To continue the progress, developers seamlessly transmit the blendshapes data from the Firebase Realtime Database to Google Cloud's Immersive Stream for XR instances in real-time. Google Cloud’s Immersive Stream for XR is a managed service that runs Unreal Engine project in the cloud, renders and streams immersive photorealistic 3D and Augmented Reality (AR) experiences to smartphones and browsers in real time.

This integration enables KDDI to drive character face animation and achieve real-time streaming of facial animation with minimal latency, ensuring an immersive user experience.

On the Unreal Engine side running by the Immersive Stream for XR, we use the Firebase C++ SDK to seamlessly receive data from the Firebase. By establishing a database listener, we can instantly retrieve blendshape values as soon as updates occur in the Firebase Realtime database table. This integration allows for real-time access to the latest blendshape data, enabling dynamic and responsive facial animation in Unreal Engine projects.

After retrieving blendshape values from the Firebase SDK, we can drive the face animation in Unreal Engine by using the "Modify Curve" node in the animation blueprint. Each blendshape value is assigned to the character individually on every frame, allowing for precise and real-time control over the character's facial expressions.

An effective approach for implementing a realtime database listener in Unreal Engine is to utilize the GameInstance Subsystem, which serves as an alternative singleton pattern. This allows for the creation of a dedicated BlendshapesReceiver instance responsible for handling the database connection, authentication, and continuous data reception in the background.

By leveraging the GameInstance Subsystem, the BlendshapesReceiver instance can be instantiated and maintained throughout the lifespan of the game session. This ensures a persistent database connection while the animation blueprint reads and drives the face animation using the received blendshape data.

Using just a local PC running MediaPipe, KDDI succeeded in capturing the real performer’s facial expression and movement, and created high-quality 3D re-target animation in real time.

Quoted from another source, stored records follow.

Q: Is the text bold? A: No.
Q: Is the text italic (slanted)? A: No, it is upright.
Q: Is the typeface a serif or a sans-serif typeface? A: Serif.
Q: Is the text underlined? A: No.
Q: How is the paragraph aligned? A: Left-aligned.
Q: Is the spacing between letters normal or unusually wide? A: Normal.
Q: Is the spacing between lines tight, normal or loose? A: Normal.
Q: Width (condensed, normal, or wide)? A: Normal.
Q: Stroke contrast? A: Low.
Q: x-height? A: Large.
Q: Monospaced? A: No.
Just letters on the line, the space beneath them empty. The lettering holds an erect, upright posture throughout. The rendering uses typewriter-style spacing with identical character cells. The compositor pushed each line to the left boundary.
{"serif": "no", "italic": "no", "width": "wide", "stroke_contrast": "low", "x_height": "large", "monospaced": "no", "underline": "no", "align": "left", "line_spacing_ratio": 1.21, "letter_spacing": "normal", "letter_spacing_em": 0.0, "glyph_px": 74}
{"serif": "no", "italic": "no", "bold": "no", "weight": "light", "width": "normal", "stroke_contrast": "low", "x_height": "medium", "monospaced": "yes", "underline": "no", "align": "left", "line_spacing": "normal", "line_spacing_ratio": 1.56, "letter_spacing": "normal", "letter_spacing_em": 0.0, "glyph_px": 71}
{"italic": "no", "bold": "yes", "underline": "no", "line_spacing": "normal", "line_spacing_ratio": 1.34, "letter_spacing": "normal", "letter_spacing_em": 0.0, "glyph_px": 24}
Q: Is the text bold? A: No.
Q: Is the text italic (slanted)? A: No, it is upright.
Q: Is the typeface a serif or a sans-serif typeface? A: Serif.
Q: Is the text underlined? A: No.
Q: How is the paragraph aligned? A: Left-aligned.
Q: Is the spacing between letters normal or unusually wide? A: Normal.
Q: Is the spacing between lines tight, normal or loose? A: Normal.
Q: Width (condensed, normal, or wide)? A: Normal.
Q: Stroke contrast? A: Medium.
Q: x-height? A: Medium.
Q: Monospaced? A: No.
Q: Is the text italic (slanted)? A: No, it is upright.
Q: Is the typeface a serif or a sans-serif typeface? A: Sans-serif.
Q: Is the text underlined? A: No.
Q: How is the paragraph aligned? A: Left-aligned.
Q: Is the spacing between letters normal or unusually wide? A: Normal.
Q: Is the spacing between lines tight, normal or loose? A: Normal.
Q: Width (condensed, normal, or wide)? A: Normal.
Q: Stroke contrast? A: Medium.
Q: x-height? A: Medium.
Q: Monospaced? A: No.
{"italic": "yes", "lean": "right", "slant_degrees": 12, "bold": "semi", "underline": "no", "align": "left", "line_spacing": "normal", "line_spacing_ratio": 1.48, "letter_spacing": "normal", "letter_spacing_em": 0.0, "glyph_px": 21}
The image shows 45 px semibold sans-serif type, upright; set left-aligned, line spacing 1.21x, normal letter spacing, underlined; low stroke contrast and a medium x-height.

KDDI is collaborating with developers of Metaverse anime fashion like Adastria Co., Ltd.

Getting started

To learn more, watch Google I/O 2023 sessions: Easy on-device ML with MediaPipe, Supercharge your web app with machine learning and MediaPipe, What's new in machine learning, and check out the official documentation over on developers.google.com/mediapipe.

What’s next?

This MediaPipe integration is one example of how KDDI is eliminating the boundary between the real and virtual worlds, allowing users to enjoy everyday experiences such as attending live music performances, enjoying art, having conversations with friends, and shopping―anytime, anywhere.

KDDI’s αU provides services for the Web3 era, including the metaverse, live streaming, and virtual shopping, shaping an ecosystem where anyone can become a creator, supporting the new generation of users who effortlessly move between the real and virtual worlds.